WORK ITEM:
An exact copy of the data below is needed; please leave out any pictures.

INPUT MATERIAL:

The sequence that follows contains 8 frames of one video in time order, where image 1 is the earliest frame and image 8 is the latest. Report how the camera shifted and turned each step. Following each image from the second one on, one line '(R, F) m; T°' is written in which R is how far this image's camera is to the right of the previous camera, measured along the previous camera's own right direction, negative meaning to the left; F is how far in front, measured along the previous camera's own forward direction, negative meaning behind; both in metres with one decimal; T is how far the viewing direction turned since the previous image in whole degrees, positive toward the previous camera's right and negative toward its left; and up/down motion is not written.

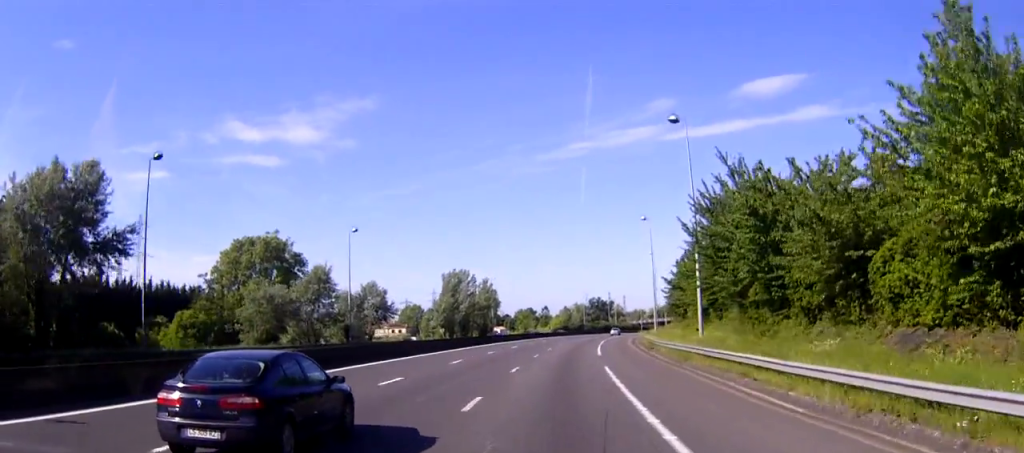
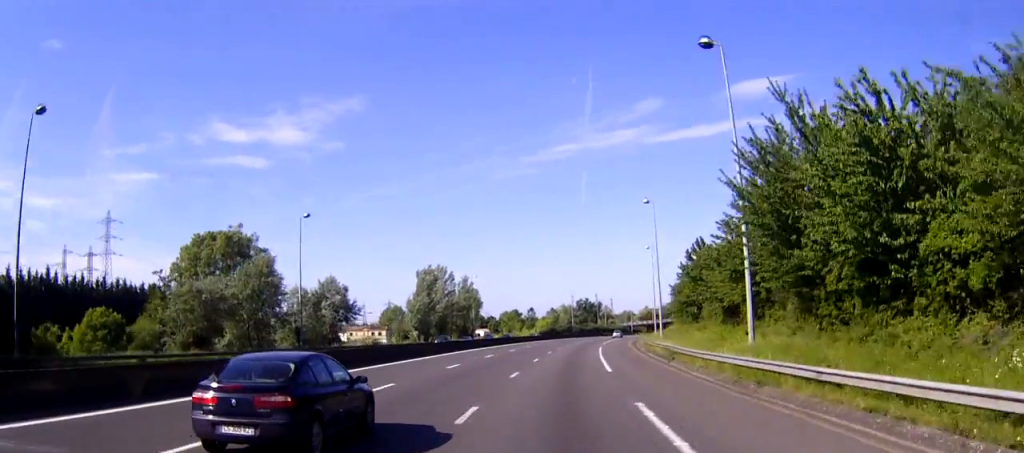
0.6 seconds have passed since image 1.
(+0.2, +14.5) m; +1°
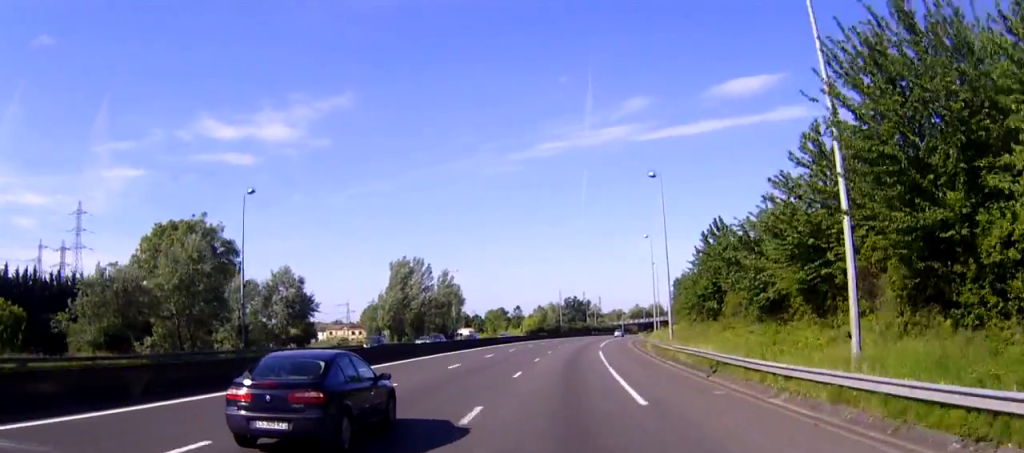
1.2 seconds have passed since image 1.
(0.0, +12.9) m; +1°
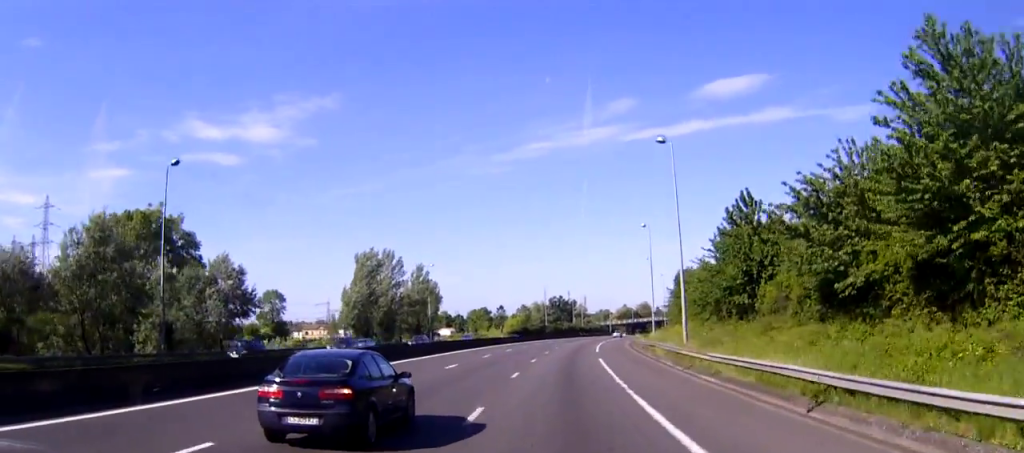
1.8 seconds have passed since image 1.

WRITTEN ANSWER:
The sequence that follows contains 8 frames of one video in time order, where image 1 is the earliest frame and image 8 is the latest. Report how the camera shifted and turned each step. Following each image from the second one on, one line '(R, F) m; T°' is written in which R is how far this image's camera is to the right of the previous camera, measured along the previous camera's own right direction, negative meaning to the left; F is how far in front, measured along the previous camera's own forward direction, negative meaning behind; both in metres with one decimal; T is how far the viewing direction turned since the previous image in whole degrees, positive toward the previous camera's right and negative toward its left; and up/down motion is not written.

0.6 seconds have passed since image 1.
(+0.2, +14.5) m; +1°
1.2 seconds have passed since image 1.
(0.0, +12.9) m; +1°
1.8 seconds have passed since image 1.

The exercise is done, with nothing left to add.